The responsibility shifted during the crypto winter whereas regulators slid the vetting process for new coins to the exchanges themselves, this piled high the responsibility they were already dealing with in the fast-changing world of cryptocurrency trading.
Think about the task as head of one of the 200 crypto exchanges. You need to fund the development of a blockchain based matching engine for those coming to your site, have a safe and secure hot wallet, you need liquidity and you need to list multiple currency pairs in order to exist. Then, you need to survive a 70-90% selloff in the underlying assets. Finally, once the smoke clears the regulators say you need to vett any new coins that come to your members – this is the role of the exchanges in Q2 2019, and it is a daunting task.
The evolution from IPO to ICO to STO to IEO reflects a changing macro investing asset class where the world is dubious of the stock market. They are concerned about the 4 technology stocks driving the stock market, and they know instinctively that stocks should not have a ten-year run without some sort of disaster. This brought the rise of Bitcoin in 2008, as the Lehman Brothers and Bear Stearns failures showed the vulnerability of equities – enter Bitcoin.
We are a decade in now to an era where fiat currency will disappear like the landline, the taxi cab, and a phone booth.
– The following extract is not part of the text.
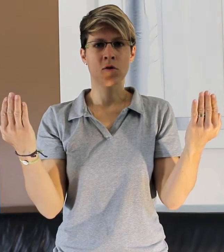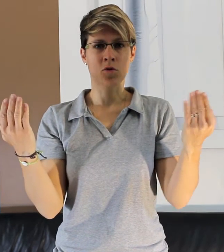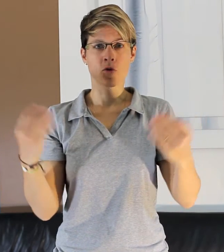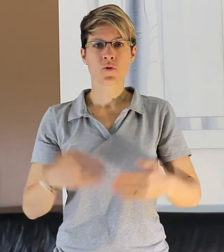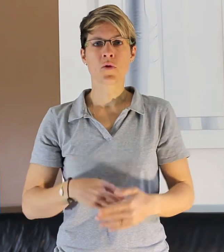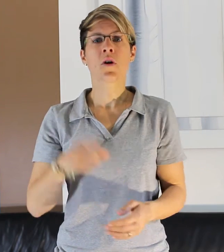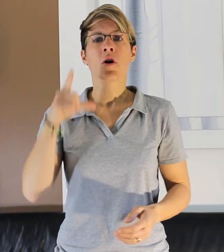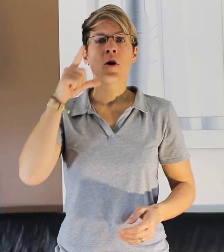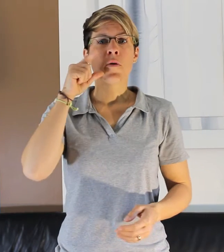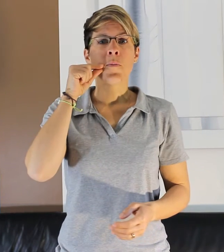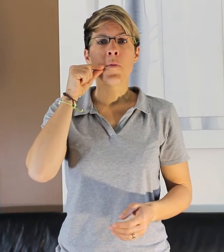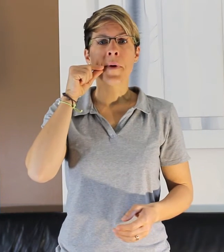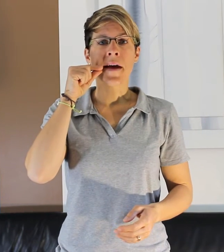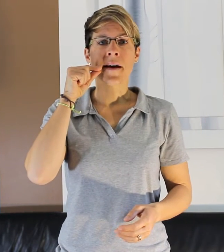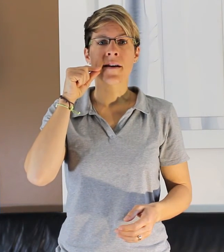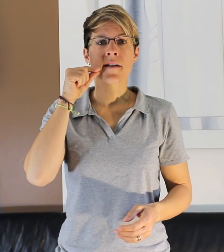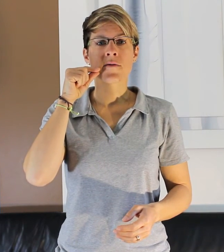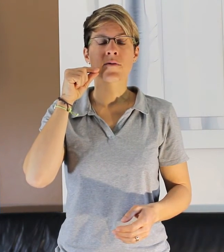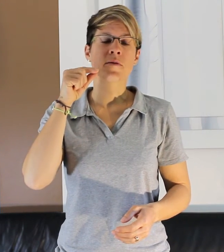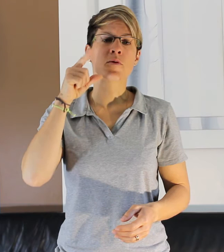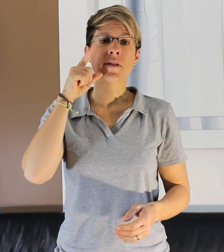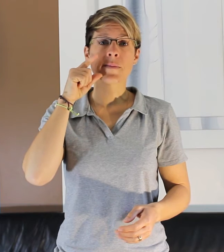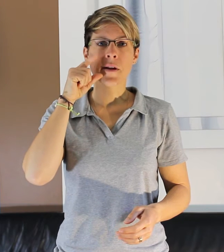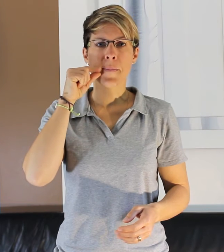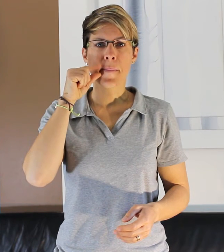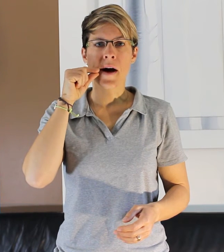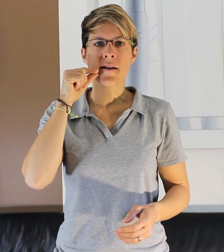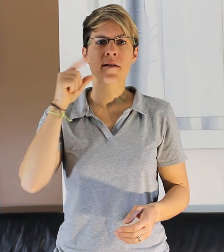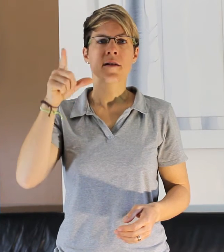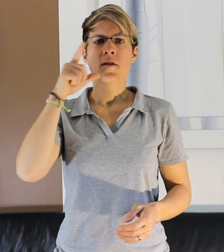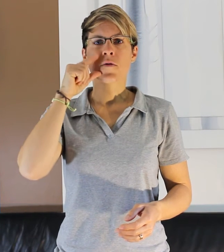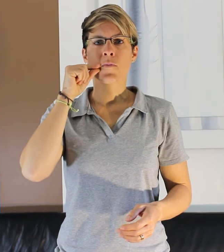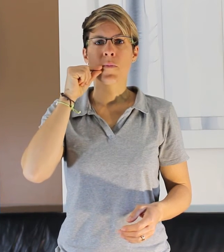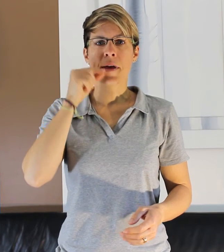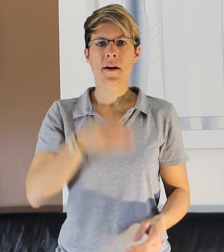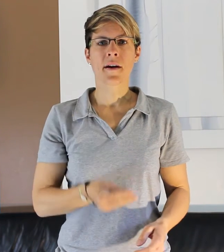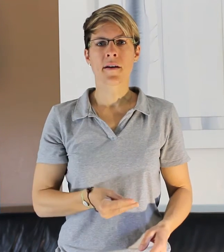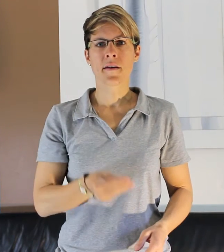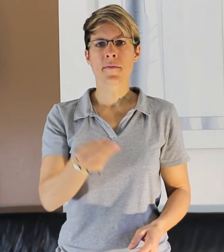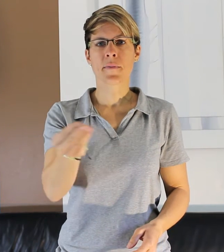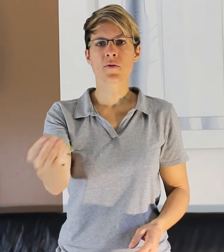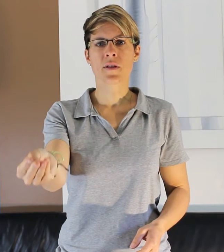l'autre jour, mon père. Donc ça, vous connaissez maintenant, papa. Donc, mon père m'a donné
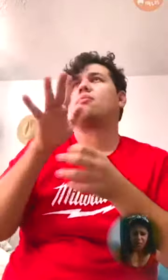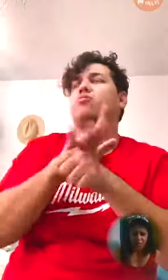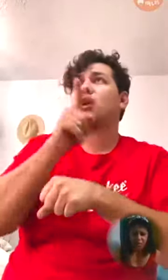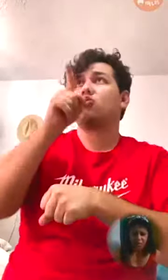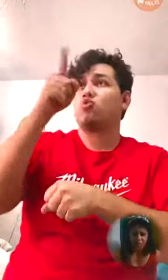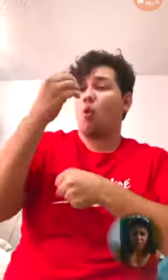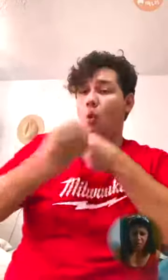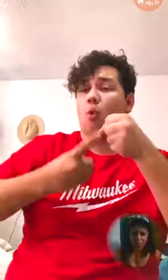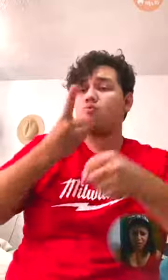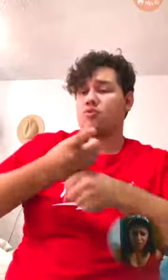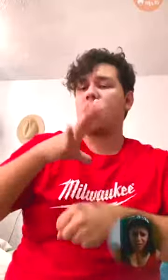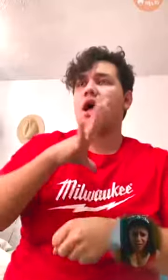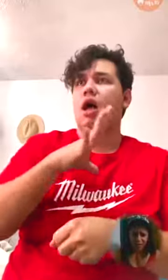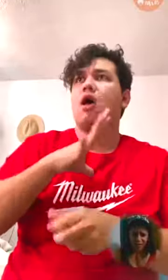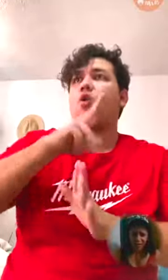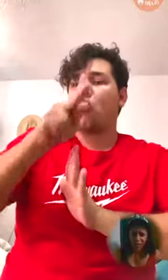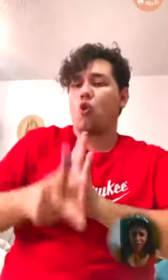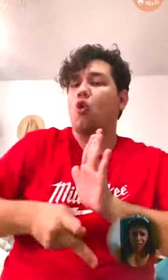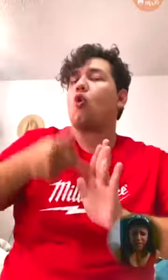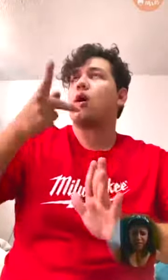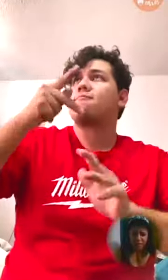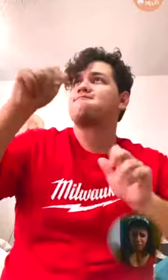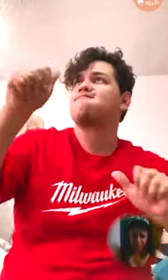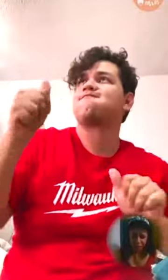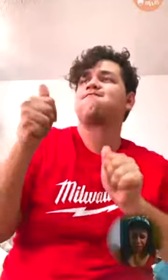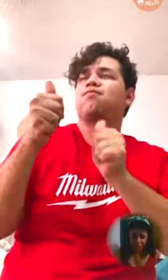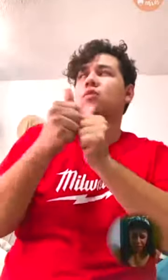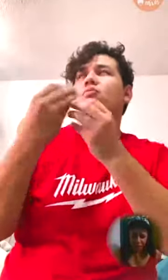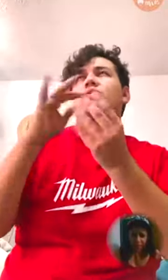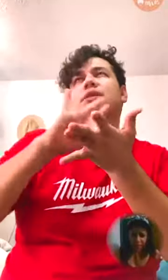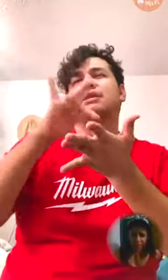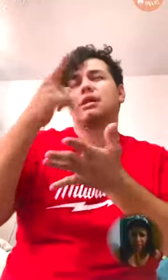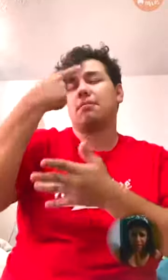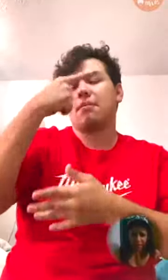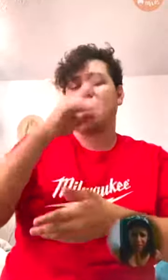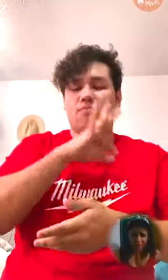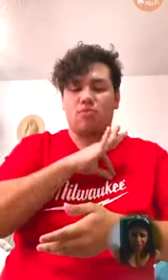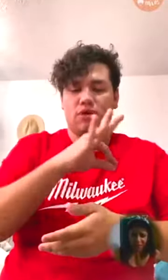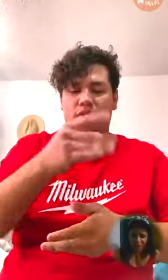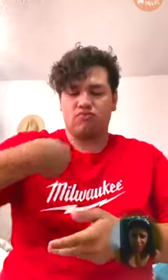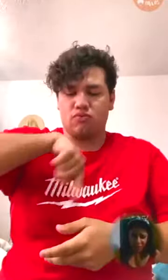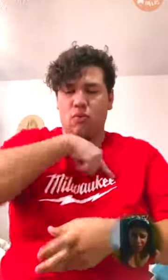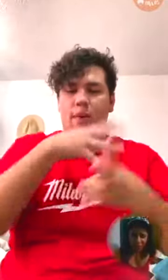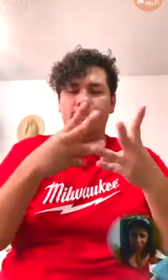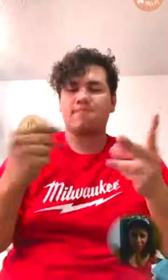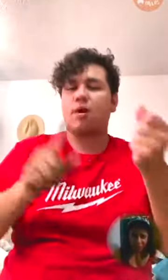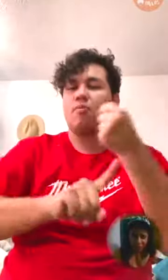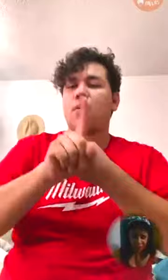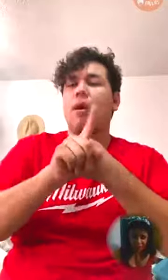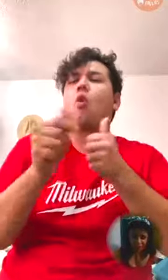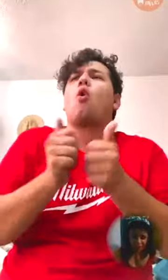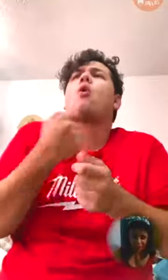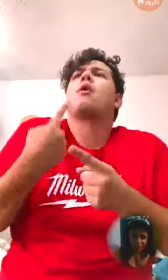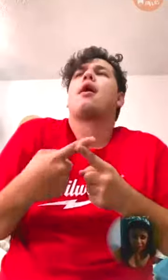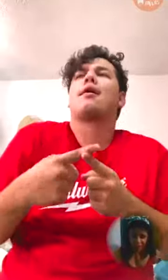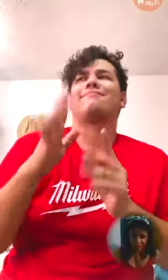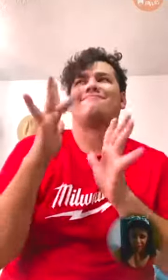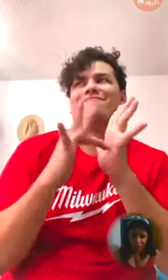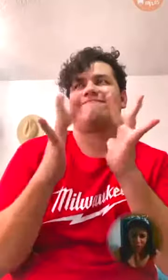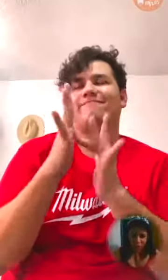porque tú nos das esa oportunidad de estar nuevamente contigo, de reconciliarnos contigo por medio de Cristo. Gracias porque

All money will be held in some sort of digital format with the rare paper dollar appearing for payment like a doubloon.
These are the early days of crypto where acceptance is low and volatility is high. Greed turns quickly to fear and new coins blur the lines similar to the Dot.com explosion of 1996 where 90% of the companies failed in a year. The similar part of the crypto move will be that many of these public blockchains will survive and flourish and end up like Amazon, Microsoft or Apple. The technology era of the 1990’s is alive in the IEO market of 2020.